#### WORK ITEM:
Each record below is to be output unchanged, and any picture is to be dropped.

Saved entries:
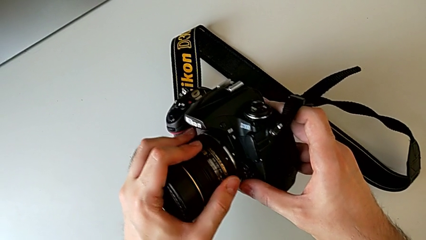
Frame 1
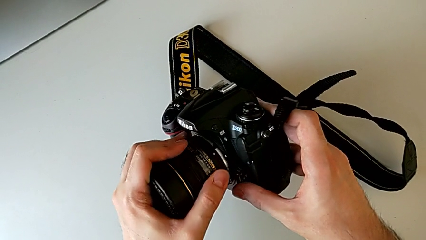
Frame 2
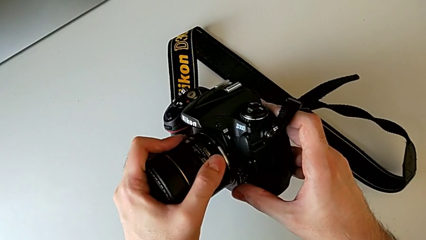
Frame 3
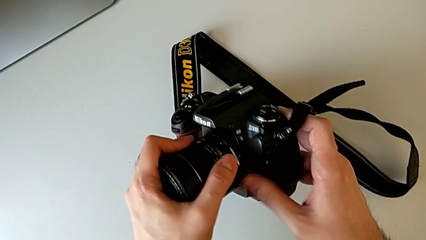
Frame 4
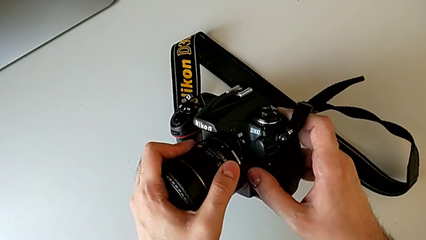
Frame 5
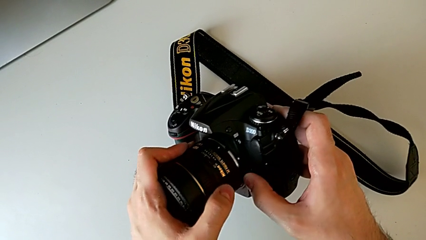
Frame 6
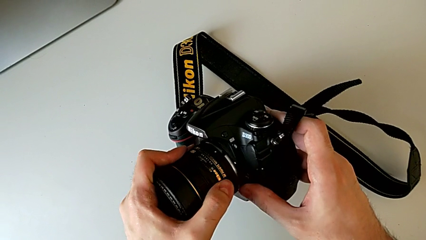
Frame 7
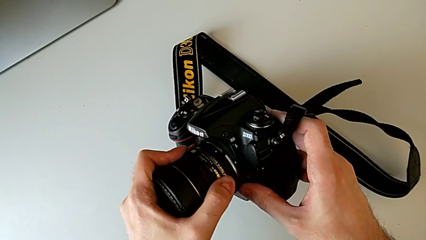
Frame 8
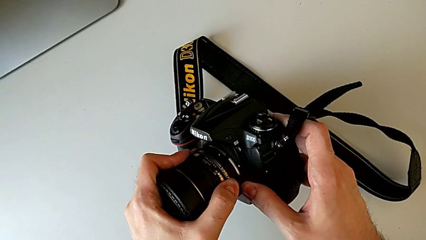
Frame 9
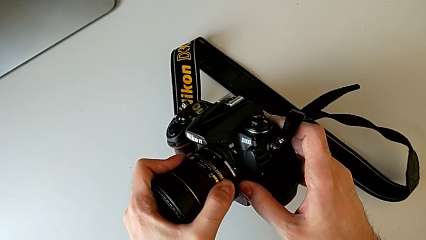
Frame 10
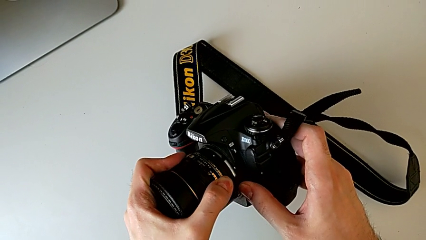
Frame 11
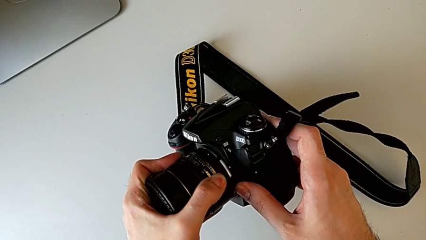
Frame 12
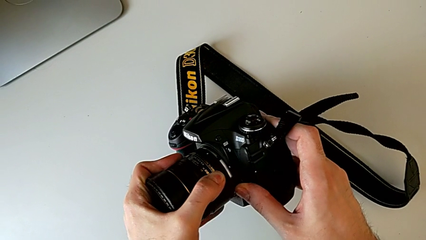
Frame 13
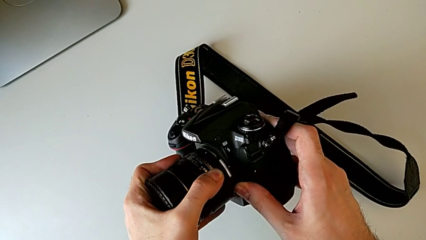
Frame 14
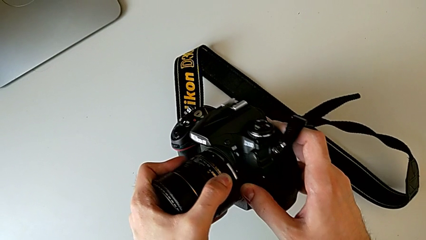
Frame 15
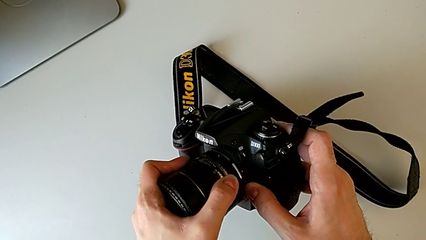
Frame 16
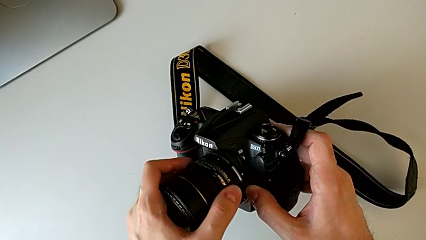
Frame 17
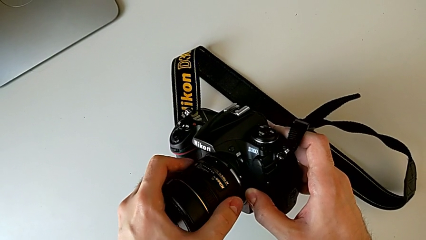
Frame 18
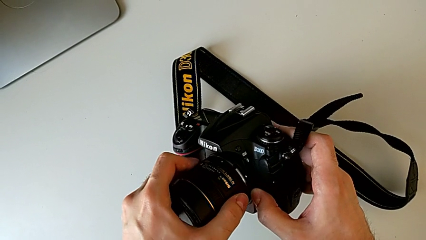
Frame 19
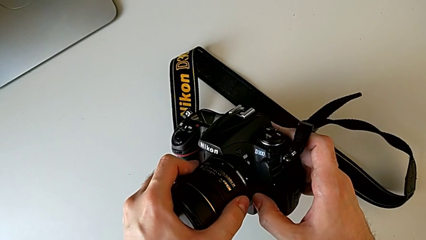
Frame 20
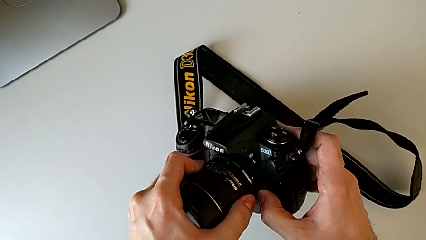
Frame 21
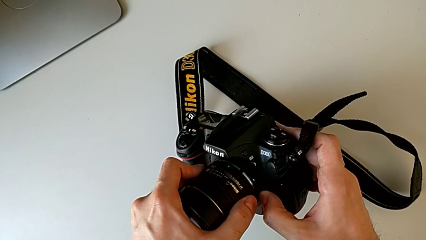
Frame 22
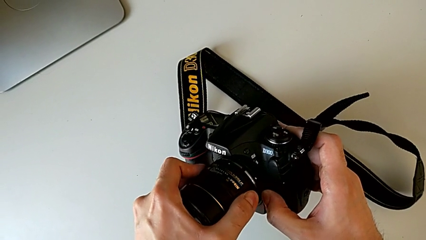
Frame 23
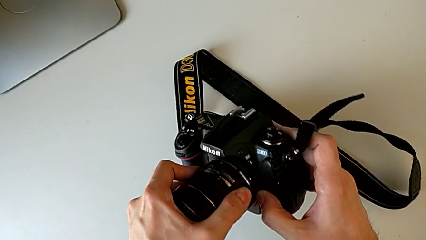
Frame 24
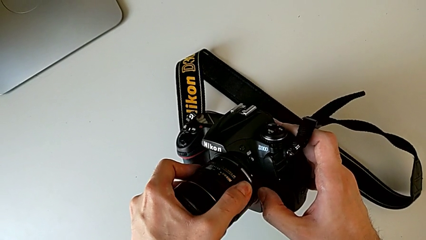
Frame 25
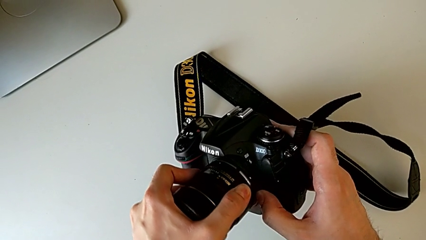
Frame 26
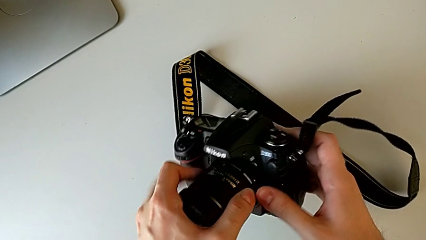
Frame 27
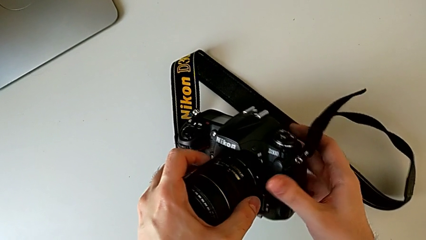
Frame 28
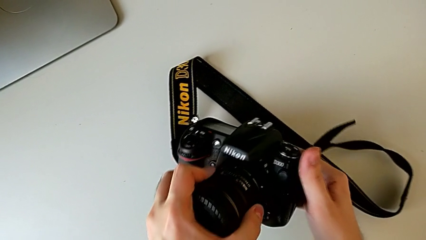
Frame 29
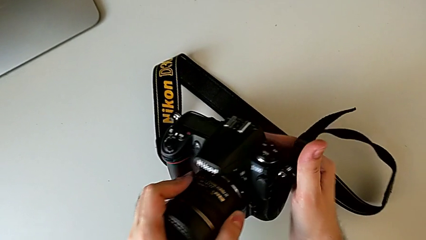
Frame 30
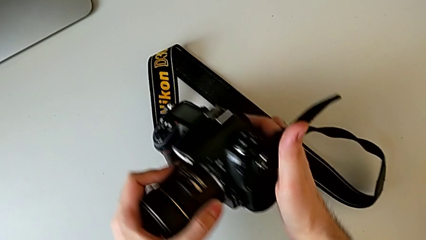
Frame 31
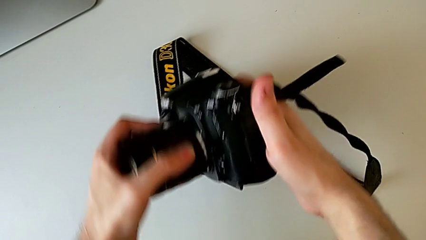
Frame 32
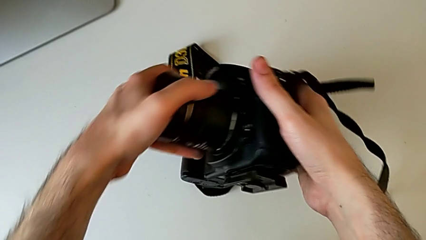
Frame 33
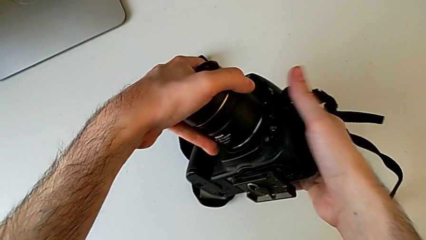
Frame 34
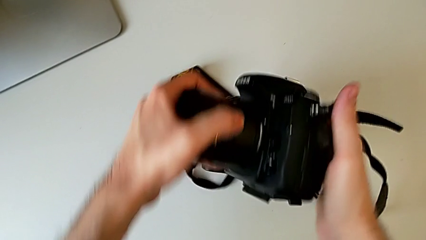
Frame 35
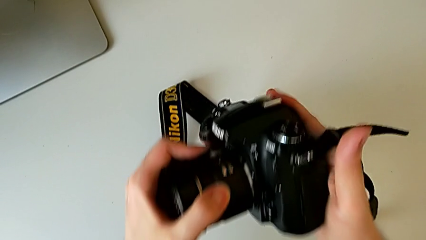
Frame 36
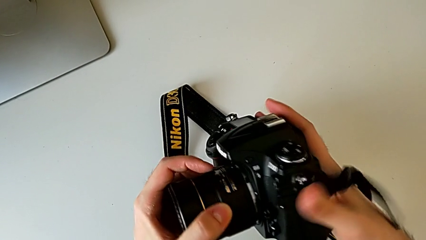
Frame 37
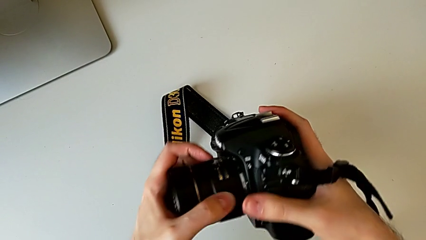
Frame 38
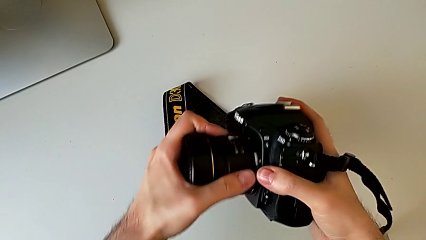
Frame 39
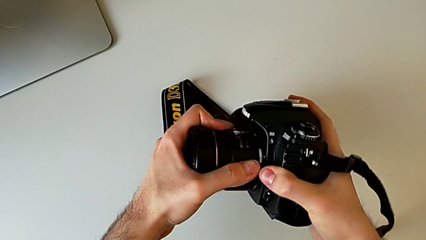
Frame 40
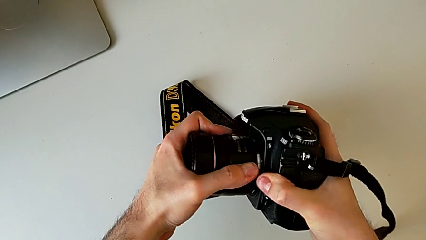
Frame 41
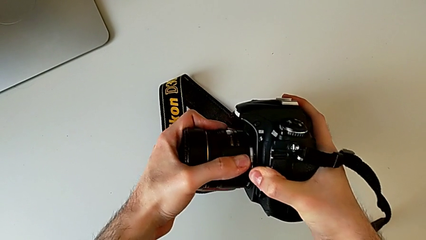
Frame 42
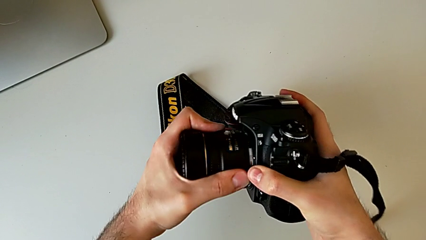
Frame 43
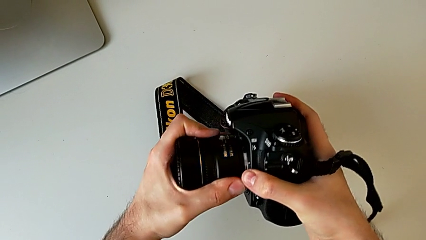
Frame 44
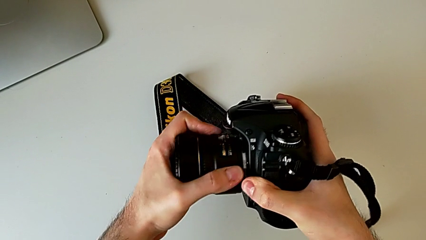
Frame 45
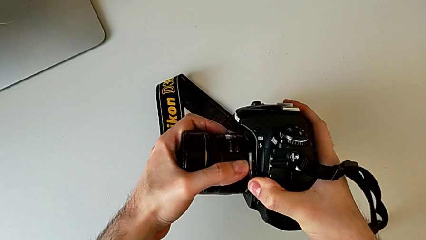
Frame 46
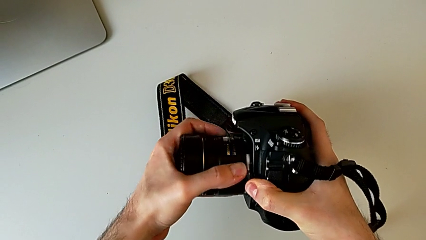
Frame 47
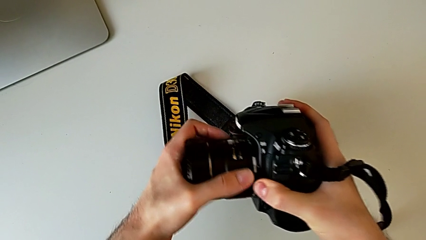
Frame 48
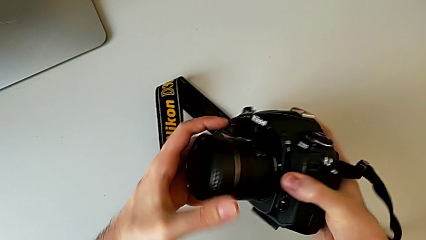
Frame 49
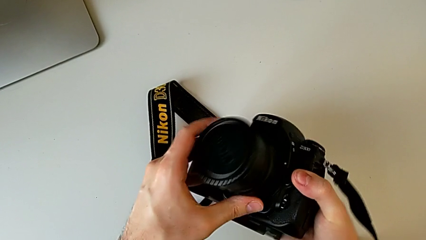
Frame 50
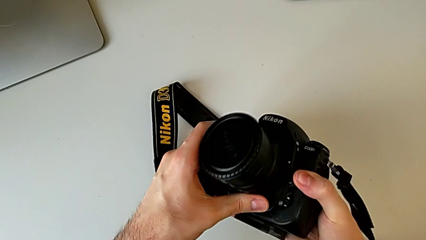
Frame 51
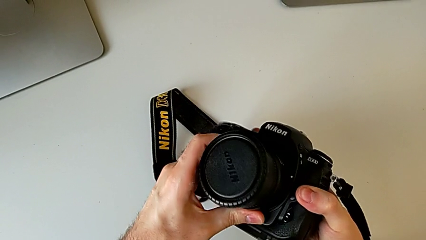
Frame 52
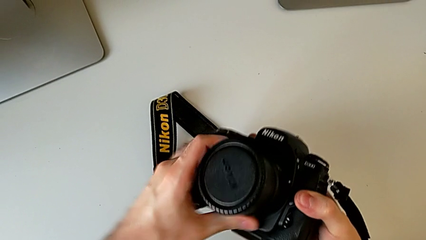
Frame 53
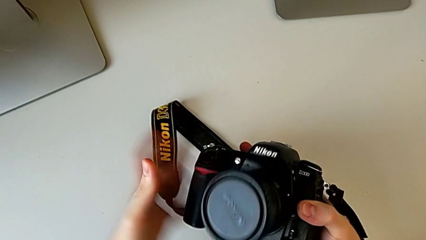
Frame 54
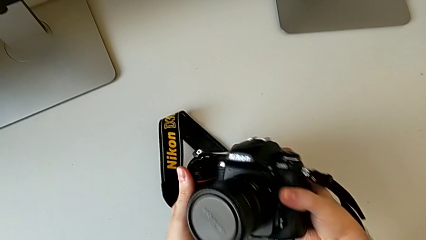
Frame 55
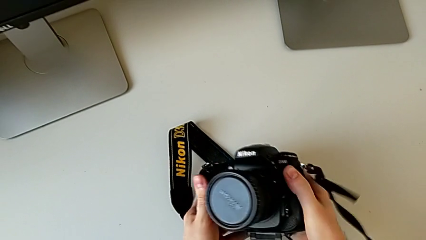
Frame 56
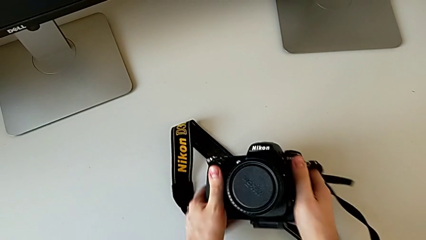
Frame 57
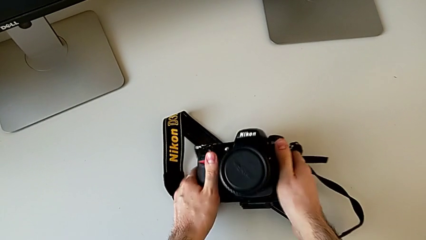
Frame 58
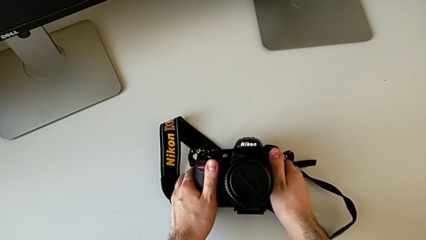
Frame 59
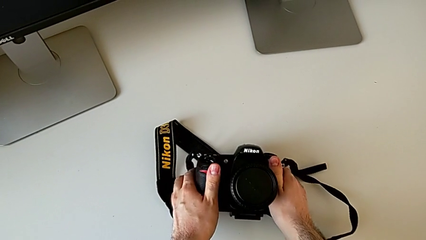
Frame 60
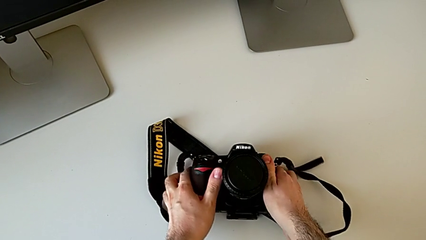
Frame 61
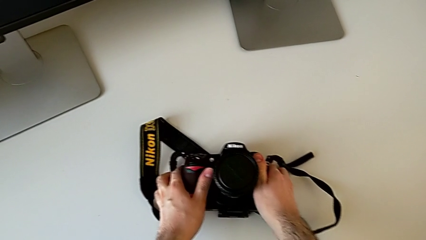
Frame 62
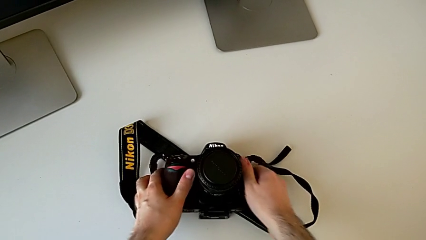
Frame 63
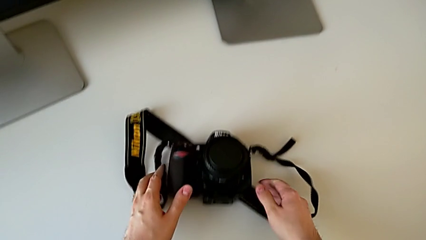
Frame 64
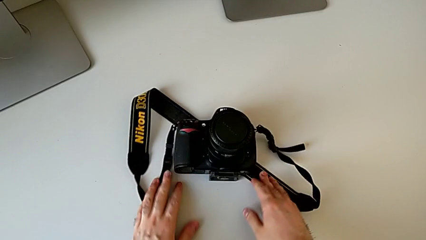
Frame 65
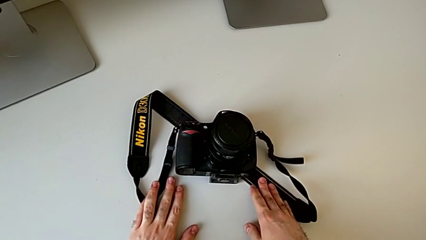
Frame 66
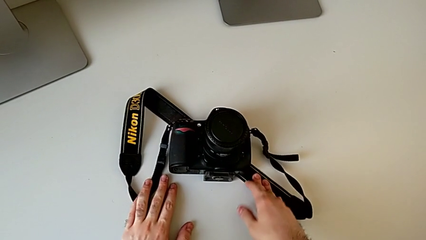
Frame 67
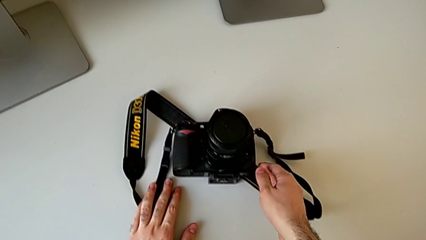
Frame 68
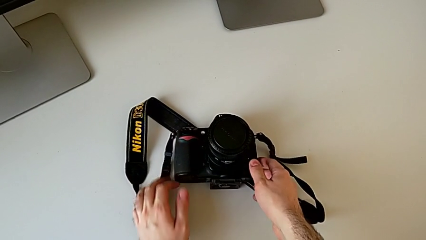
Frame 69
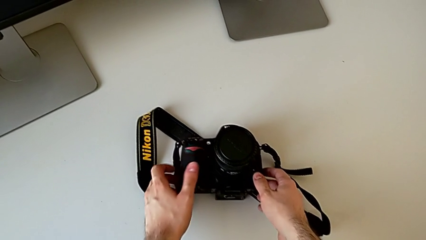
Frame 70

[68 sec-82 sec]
The camera wearer is attaching the lens. They rotate the lens, assemble it and place the DSLR.

#### OUTPUT FOR THIS EXERCISE:
Frame 1
Frame 2
Frame 3
Frame 4
Frame 5
Frame 6
Frame 7
Frame 8
Frame 9
Frame 10
Frame 11
Frame 12
Frame 13
Frame 14
Frame 15
Frame 16
Frame 17
Frame 18
Frame 19
Frame 20
Frame 21
Frame 22
Frame 23
Frame 24
Frame 25
Frame 26
Frame 27
Frame 28
Frame 29
Frame 30
Frame 31
Frame 32
Frame 33
Frame 34
Frame 35
Frame 36
Frame 37
Frame 38
Frame 39
Frame 40
Frame 41
Frame 42
Frame 43
Frame 44
Frame 45
Frame 46
Frame 47
Frame 48
Frame 49
Frame 50
Frame 51
Frame 52
Frame 53
Frame 54
Frame 55
Frame 56
Frame 57
Frame 58
Frame 59
Frame 60
Frame 61
Frame 62
Frame 63
Frame 64
Frame 65
Frame 66
Frame 67
Frame 68
Frame 69
Frame 70

[68 sec-82 sec]
The camera wearer is attaching the lens. They rotate the lens, assemble it and place the DSLR.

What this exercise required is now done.